Image Processing Toolbox™ requires floating point images to have pixel values in the range [0, 1]. Use the rescale function to scale the pixel values to this range, then convert the image to uint8.

Iapprox = rescale(Iapprox);
Iapprox = im2uint8(Iapprox);
imshow(Iapprox)
title("Denoised Image Obtained Using Multiscale CAN")

Visual Comparison

To get a better visual understanding of the denoised images, examine a small region inside each image. Specify a region of interest (ROI) using vector roi in the format [x y width height]. The elements define the x- and y-coordinate of the top left corner, and the width and height of the ROI.

roi = [300 30 50 50];

Crop the images to this ROI, and display the result as a montage. The CAN removes more noise than conventional bilateral filtering. Both techniques preserve edge sharpness.

montage({imcrop(Ireference,roi),imcrop(Inoisy,roi), ...
    imcrop(Ibilat,roi),imcrop(Iapprox,roi)}, ...
    Size=[1 4]);
title("Reference Image | Noisy Image | Bilateral-Filtered Image | CAN Prediction");

Quantitative Comparison

Use image quality metrics to quantitatively compare the noisy input image, the bilateral-filtered image, and the operator-approximated image. The reference image is the original reference image, Ireference, before adding noise.

Measure the peak signal-to-noise ratio (PSNR) of each image against the reference image. Larger PSNR values generally indicate better image quality.
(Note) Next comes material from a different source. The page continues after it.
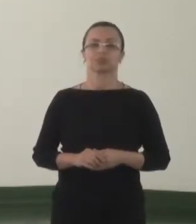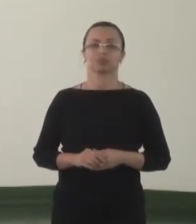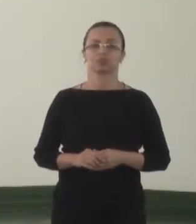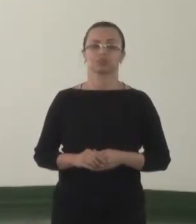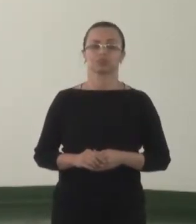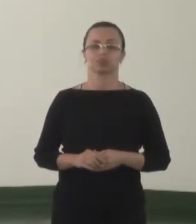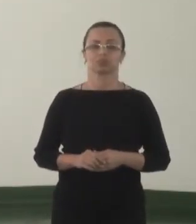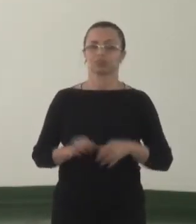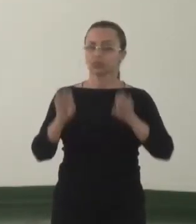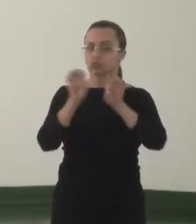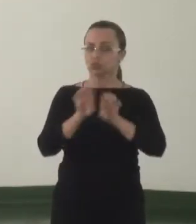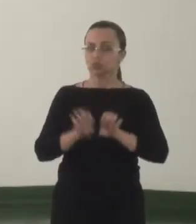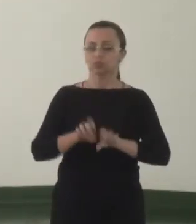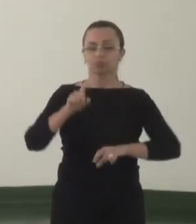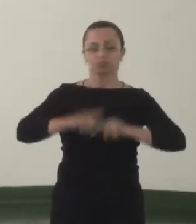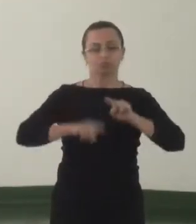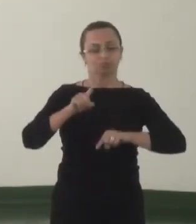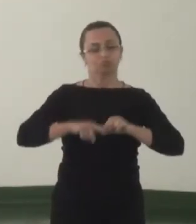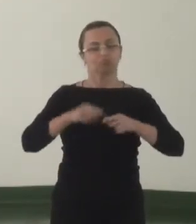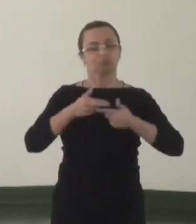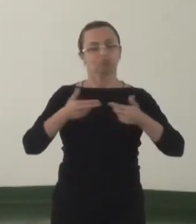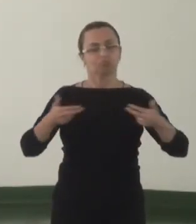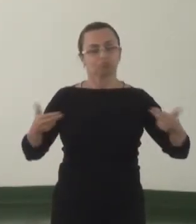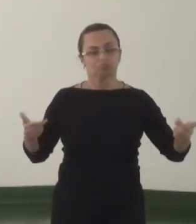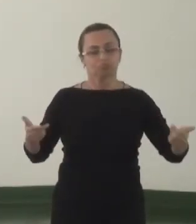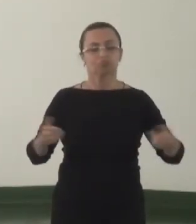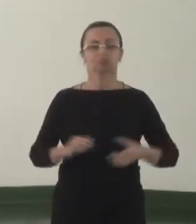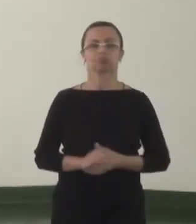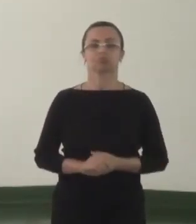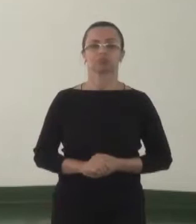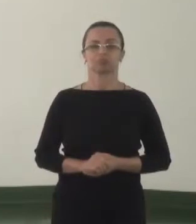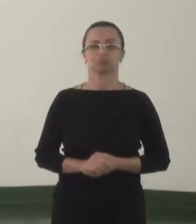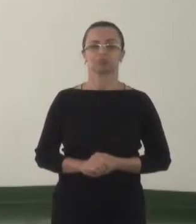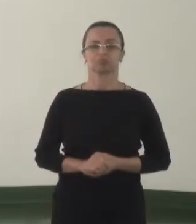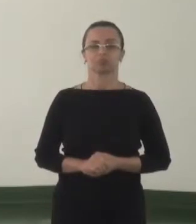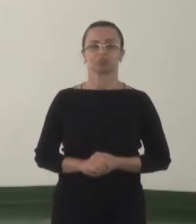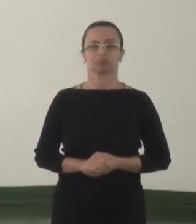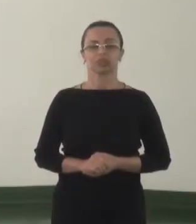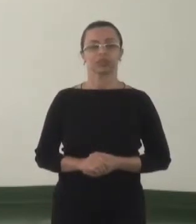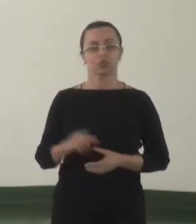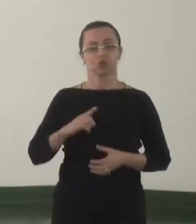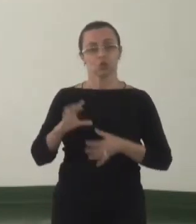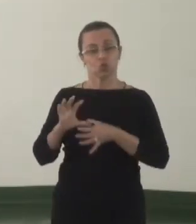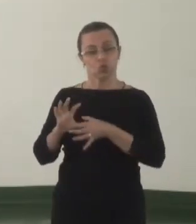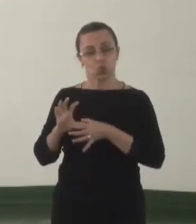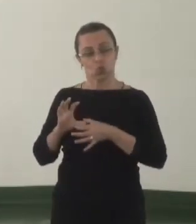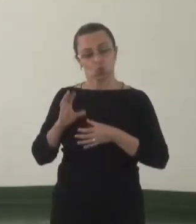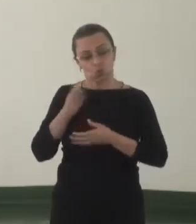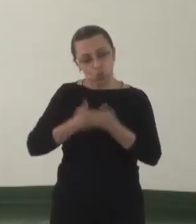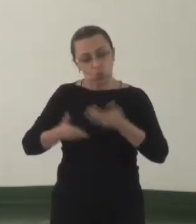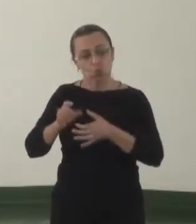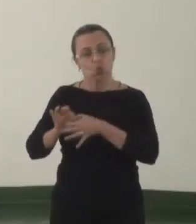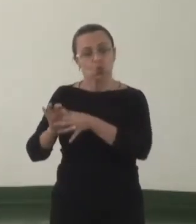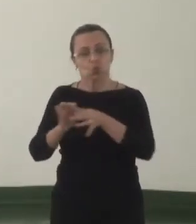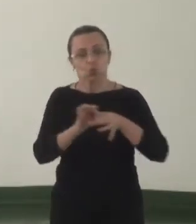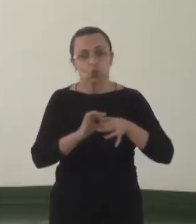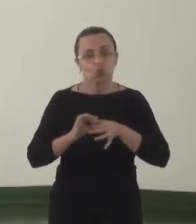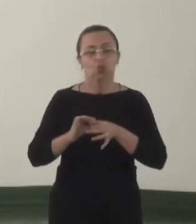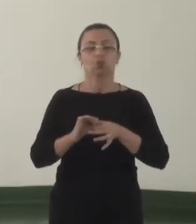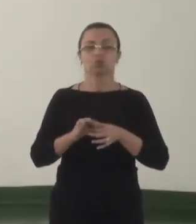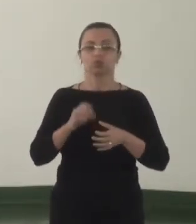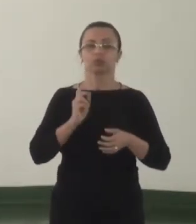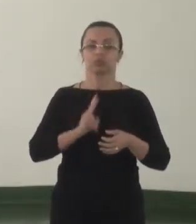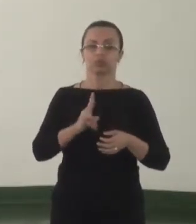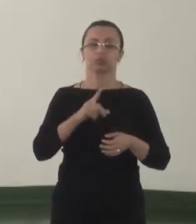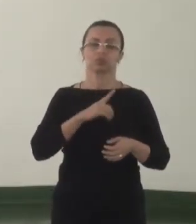de estruturas e equipamentos de interconexão unificada em rede efetiva e

See psnr for more information about this metric.

noisyPSNR = psnr(Inoisy,Ireference);
bilatPSNR = psnr(Ibilat,Ireference);
approxPSNR = psnr(Iapprox,Ireference);
PSNR_Score = [noisyPSNR bilatPSNR approxPSNR]';

Measure the structural similarity index (SSIM) of each image. SSIM assesses the visual impact of three characteristics of an image: luminance, contrast and structure, against a reference image. The closer the SSIM value is to 1, the better the test image agrees with the reference image. See ssim for more information about this metric.
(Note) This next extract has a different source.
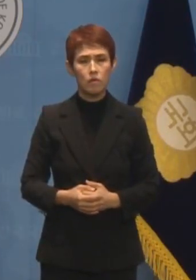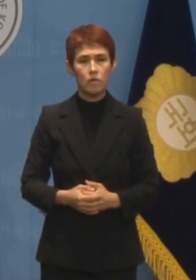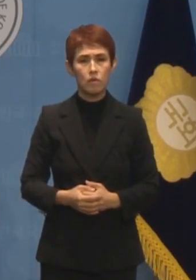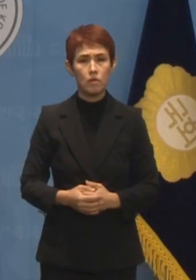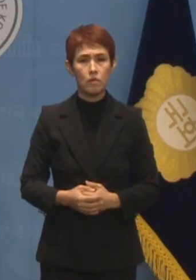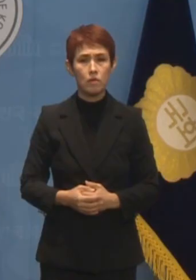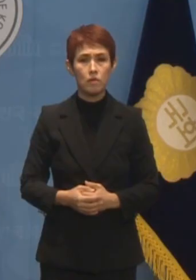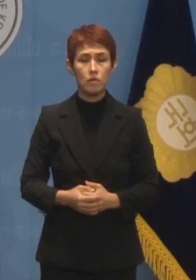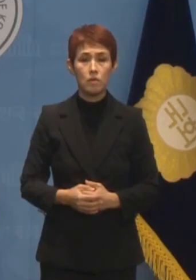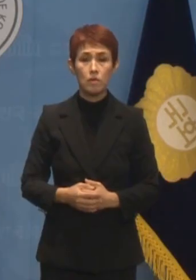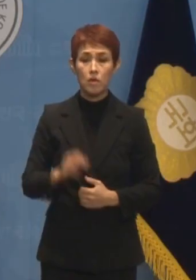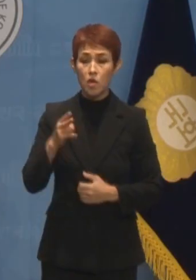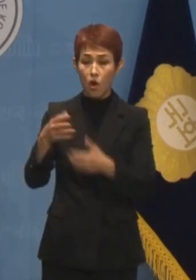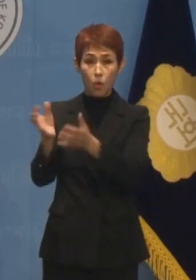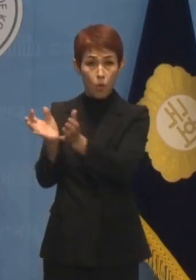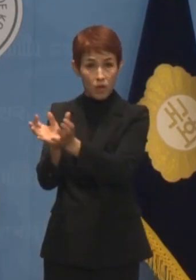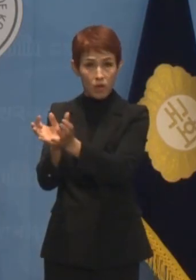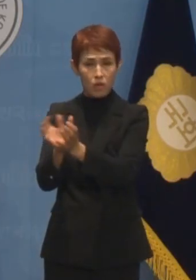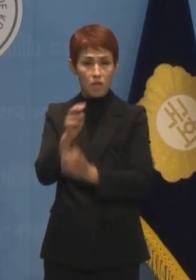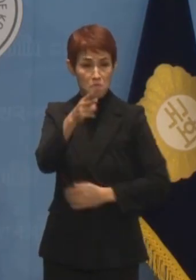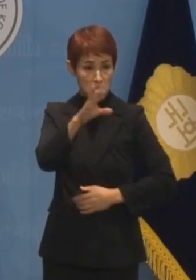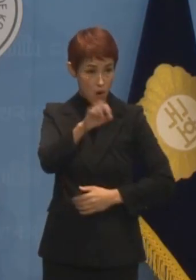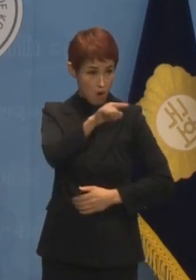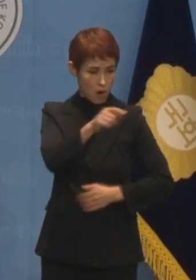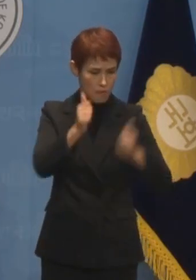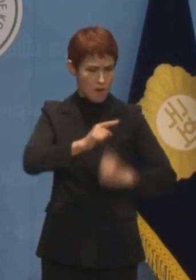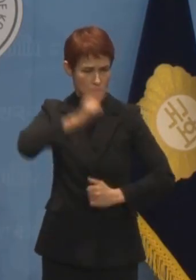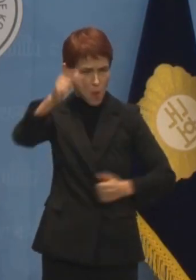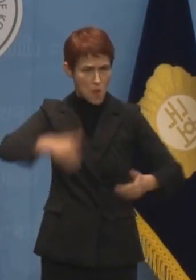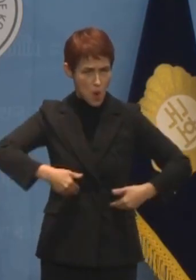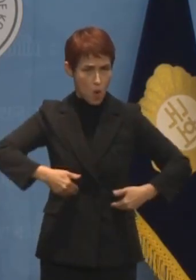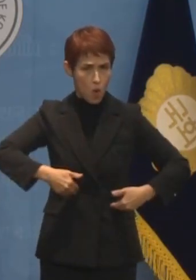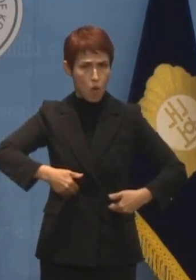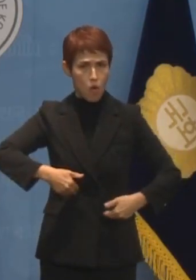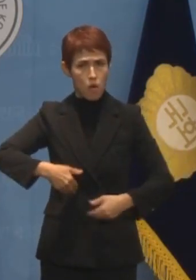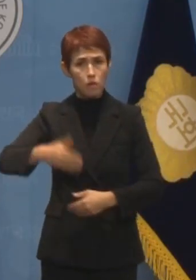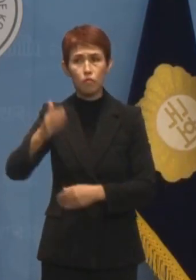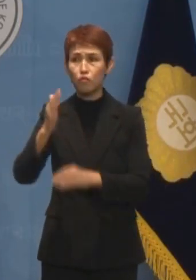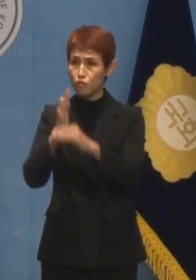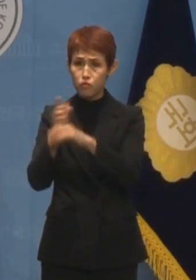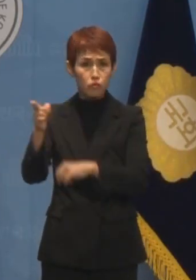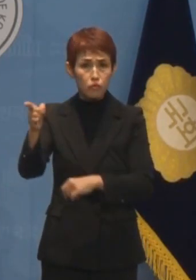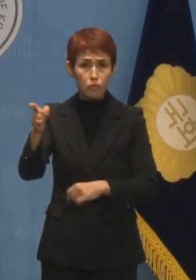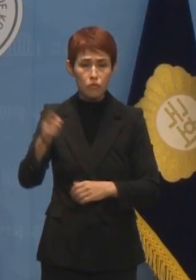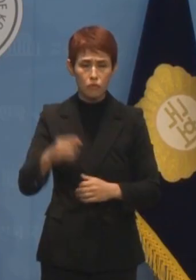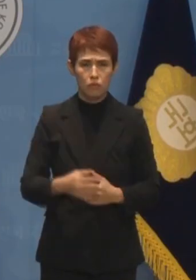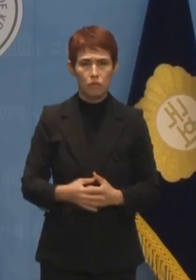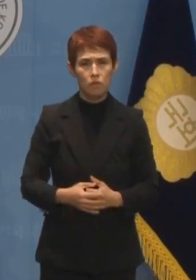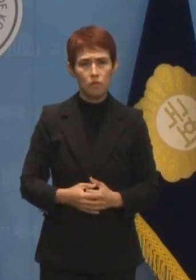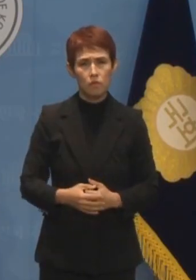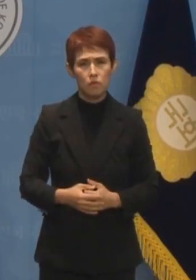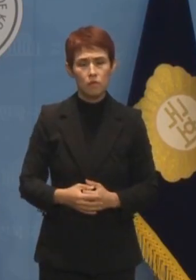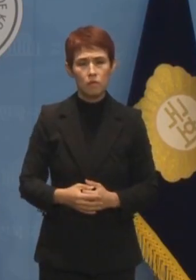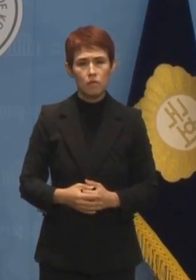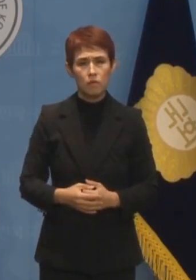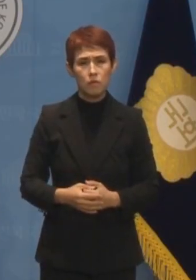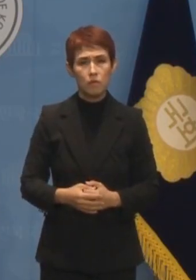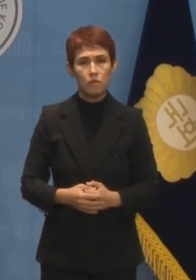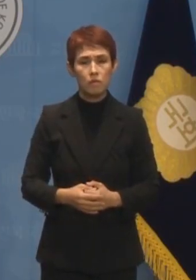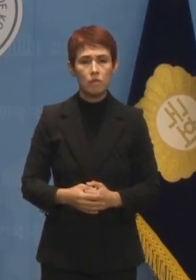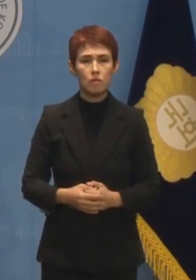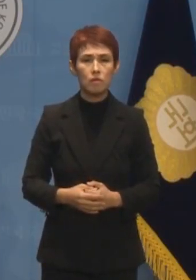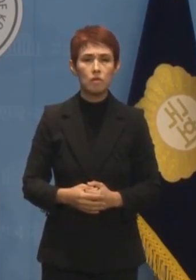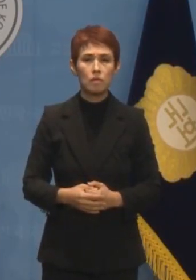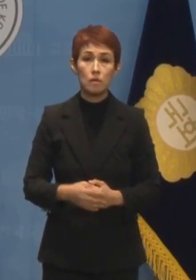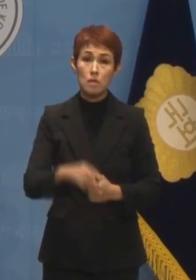여권에서도 명 씨를 법대로 처리해야 한다고 목소리를 높이고 있습니다. 이미

noisySSIM = ssim(Inoisy,Ireference);
bilatSSIM = ssim(Ibilat,Ireference);
approxSSIM = ssim(Iapprox,Ireference);
SSIM_Score = [noisySSIM bilatSSIM approxSSIM]';

Measure perceptual image quality using the Naturalness Image Quality Evaluator (NIQE). Smaller NIQE scores indicate better perceptual quality. See niqe for more information about this metric.

noisyNIQE = niqe(Inoisy);
bilatNIQE = niqe(Ibilat);
approxNIQE = niqe(Iapprox);
NIQE_Score = [noisyNIQE bilatNIQE approxNIQE]';

Display the metrics in a table.

table(PSNR_Score,SSIM_Score,NIQE_Score, ...
    RowNames=["Noisy Image","Bilateral Filtering","Operator Approximation"])

ans=3×3 table
                              PSNR_Score    SSIM_Score    NIQE_Score
                              __________    __________    __________

    Noisy Image                 20.276       0.76228        11.574  
    Bilateral Filtering         25.753       0.91534         6.924  
    Operator Approximation      26.173       0.92976        5.8165

References

[1] Chen, Q. J. Xu, and V. Koltun. "Fast Image Processing with Fully-Convolutional Networks." In Proceedings of the 2017 IEEE Conference on Computer Vision. Venice, Italy, Oct. 2017, pp. 2516-2525.

[2] Grubinger, M., P. Clough, H. Müller, and T. Deselaers. "The IAPR TC-12 Benchmark: A New Evaluation Resource for Visual Information Systems." Proceedings of the OntoImage 2006 Language Resources For Content-Based Image Retrieval. Genoa, Italy. Vol. 5, May 2006, p. 10.